The spurious 'when do you stop?' line needs to be addressed because this is the line that gets trotted out for all manner of joyless reasons. Drawing the line is what distinguishes humans from animals. Most of us draw the line all day, every day.

We all know the difference between a chaste kiss and a lascivious kiss and that is why we don't tend to French kiss our mothers.

All the same, the public outrage on social media about Victoria Beckham's kiss represents another very real fear that many of us live in dread of the fear of public disapproval.

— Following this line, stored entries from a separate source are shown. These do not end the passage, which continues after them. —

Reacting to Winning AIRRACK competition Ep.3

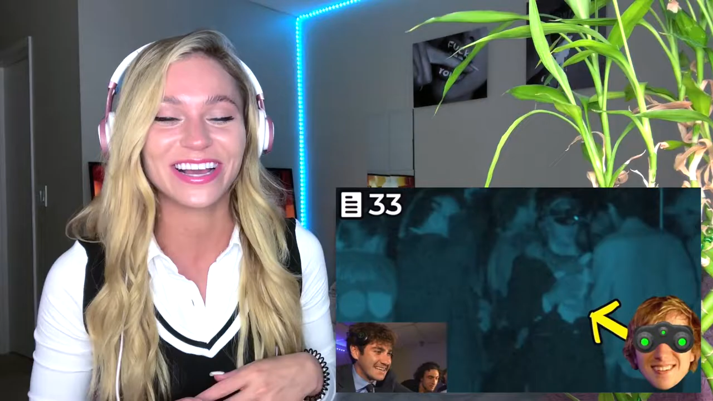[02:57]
Look at me hugging him. I ran off quick and I was like dodging people.
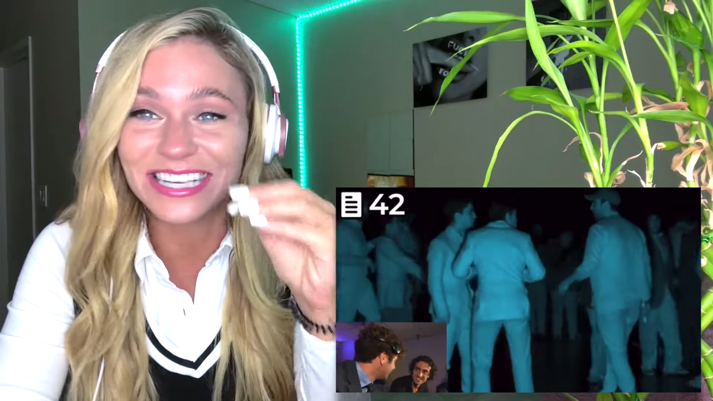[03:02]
I could not see his face at all. It was so funny. I looked so funny. That guy's doing the chicken dance. That guy's frozen. They all think they're in privacy right now because they're in the dark. But unfortunately, I have 4K infrared cameras filming from every direction.
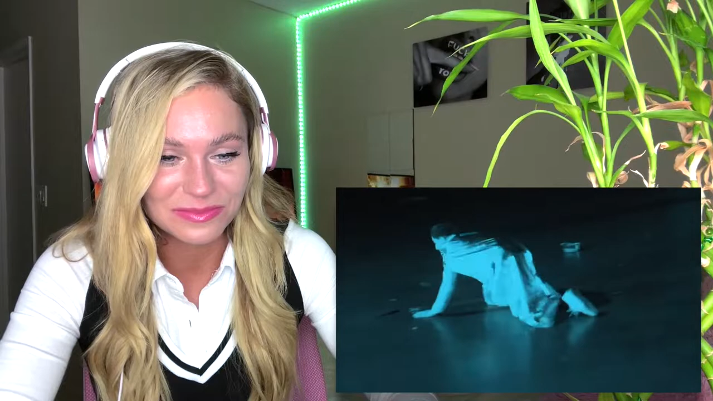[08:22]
Superman is about to end lives instead of save them. Look at him creeping around.
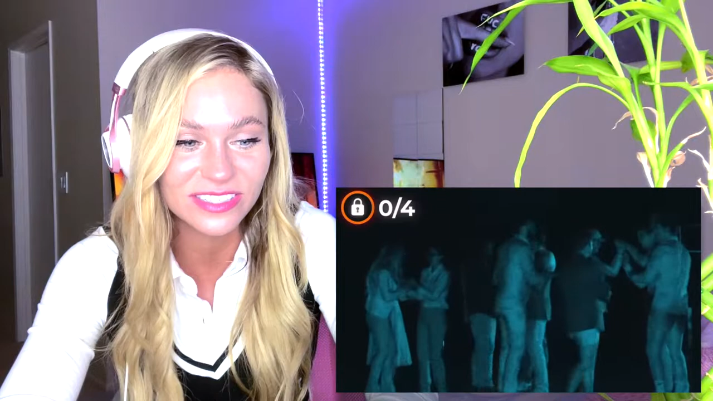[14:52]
No, dude, I don't think it's working. You'll see you later. Nobody has gotten it yet. Yeah. Who is this? It's Teddy. If you notice, we're all asked, who is this?
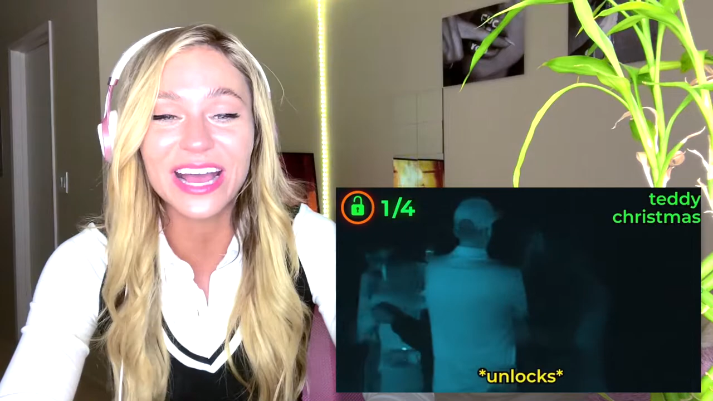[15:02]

Parents are afraid to leave their children in their car for even a moment for fear of some busybody taking a picture, posting it online and destroying their reputation.

In my work as a psychotherapist, clients often tell me that they secretly allow their children to stay at home alone - but they never tell even their closest friends for fear of public disapproval.

Parents these days are like the Stasi in former East Germany - mingling among us, always alert, always suspicious and always ready to attack any example of less-than-perfect parenting.

But what's completely acceptable in your family could be considered completely objectionable in mine.

Some families have loud, incendiary debates at the dinner table while other families never discuss religion, politics or money.

Some families are madly affectionate, constantly giving each other great big smackers on the lips while other families are much less physical and rarely go further than a friendly nod. So what? Vive la difference!